Among the Japanese, who each eat an average of 145 pounds of fish a year, rates of depression and homicide are strikingly low. Meanwhile, men who live in landlocked nations such as Austria and Hungary, where fish consumption is respectively 25 pounds and nine pounds per capita, top the global charts in suicide and depression. Despite the fact that the Japanese smoke like fiends, struggle with high blood pressure, and eat a hundred more cholesterol-rich eggs a year per person than Americans do, they boast enviably low rates of cardiovascular disease, as well as the longest life span on the planet, an average of 81 years... three years longer than that of Americans.

And while it's true that the Japanese consume soy in the form of tofu, miso, and soy sauce, the way it is prepared — precipitated or fermented — is far healthier than the raw, mineral-blocking phytate estrogen and omega-6-rich versions consumed by Americans.

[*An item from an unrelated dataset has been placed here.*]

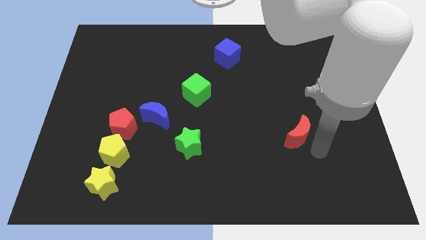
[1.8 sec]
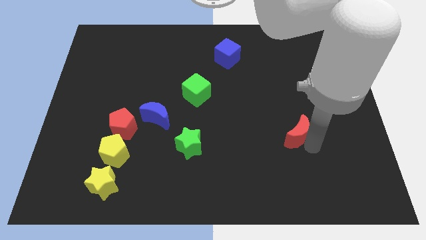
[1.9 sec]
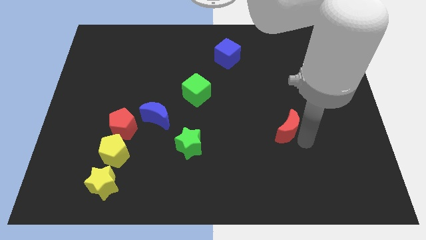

Dr. Hibbeln is convinced that the key to the average Japanese citizen's longevity is omega-3 fatty acids; levels in Japanese bloodstreams average 60 percent of all polyunsaturates. After half a century of favoring seed-based vegetable oils, the level of omega-3s in American bloodstreams has fallen to 20 percent of polyunsaturates. "We have changed the composition of people's bodies and brains," says Dr. Hibbeln. "A very interesting question, to which we don't yet know the answer, is to what degree has the dietary change altered overall behavior in our society?"

Lately, the answers have been coming in thick and fast. In one study of 231 inmates medicated with fish oil in a British prison, assaults dropped by a third. Comparing homicide rates in five countries, Dr. Hibbeln found that the rising consumption of omega-6 fatty acids correlated with a hundredfold increase in death by homicide, even though access to firearms went down in all the countries surveyed except the United States. A paper published in the Journal of the American Medical Association concluded that even a modest increase in the consumption of omega-3-rich fish reduced the risk of coronary death by 36 percent. A 2007 study by the National Institutes of Health found a positive correlation between mothers' consumption of omega-3s during pregnancy and the fine motor skills and verbal IQs of their children.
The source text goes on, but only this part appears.